要望書提出には、諏訪6市町村の首長をはじめ、唐沢範行理事長予定者、河村洋学長予定者、地元選出県議会議員らが訪れた。

柳平組合長は、公立諏訪東京理科大学中期目標の四つの柱や産学官連携の事例などを挙げながら、「公立化を契機に教育研究環境をさらに充実させていきたい。県のさらなる財政支援を」と求めた。

これに対して阿部知事は、来年度スタートの県5カ年総合計画の柱が「学びの県」だとして、「知事の立場として大歓迎。時代が情報社会に変わる中、学びを考え直さないといけないというのは私の確信。地域の課題を解決するための大学のあり方、位置づけは極めて重要。県立大学とはよき兄弟分、ライバルとして協力連携し、他の高等教育機関とともに発展してほしい」と期待を込めた。

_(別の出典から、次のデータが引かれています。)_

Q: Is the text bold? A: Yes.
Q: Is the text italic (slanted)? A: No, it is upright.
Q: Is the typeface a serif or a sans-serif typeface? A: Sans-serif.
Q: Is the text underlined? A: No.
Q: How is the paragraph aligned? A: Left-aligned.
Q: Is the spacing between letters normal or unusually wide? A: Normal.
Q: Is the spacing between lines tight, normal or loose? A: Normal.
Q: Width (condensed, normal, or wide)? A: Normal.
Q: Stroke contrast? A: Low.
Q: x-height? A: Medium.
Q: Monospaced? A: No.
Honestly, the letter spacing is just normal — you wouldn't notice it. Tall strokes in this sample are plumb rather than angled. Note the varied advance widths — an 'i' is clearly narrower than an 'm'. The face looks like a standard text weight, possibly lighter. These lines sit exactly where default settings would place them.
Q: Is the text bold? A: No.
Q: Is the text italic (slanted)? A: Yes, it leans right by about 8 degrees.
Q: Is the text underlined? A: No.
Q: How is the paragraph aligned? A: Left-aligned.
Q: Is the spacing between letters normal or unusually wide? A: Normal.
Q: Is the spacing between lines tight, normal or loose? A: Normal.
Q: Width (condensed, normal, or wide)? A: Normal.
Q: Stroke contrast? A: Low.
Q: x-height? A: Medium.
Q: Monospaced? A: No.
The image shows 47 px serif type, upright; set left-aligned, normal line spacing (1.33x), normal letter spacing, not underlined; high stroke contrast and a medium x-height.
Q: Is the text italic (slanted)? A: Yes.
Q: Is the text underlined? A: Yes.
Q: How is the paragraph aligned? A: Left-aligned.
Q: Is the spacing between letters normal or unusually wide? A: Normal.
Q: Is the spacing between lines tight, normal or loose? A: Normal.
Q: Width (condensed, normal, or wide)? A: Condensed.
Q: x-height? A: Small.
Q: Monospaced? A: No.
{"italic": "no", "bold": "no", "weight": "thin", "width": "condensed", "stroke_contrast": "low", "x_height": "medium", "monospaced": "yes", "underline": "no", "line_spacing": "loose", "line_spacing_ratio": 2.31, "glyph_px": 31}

金子ゆかり諏訪市長は「地域全体の中でも工学系の大学の再出発として大いに期待している」、今井竜五岡谷市長は「学生がある意味、楽しく学べる環境づくりをしていかなくてはいけない。教育環境支援に協力を」と、それぞれ要望した。

要望書提出後、柳平組合長は取材に、「これまでの県の支援には感謝しているが、この先、研究環境をつくるのに施設などの整備が必要になる。(知事の回答は)心強く思う」と述べた。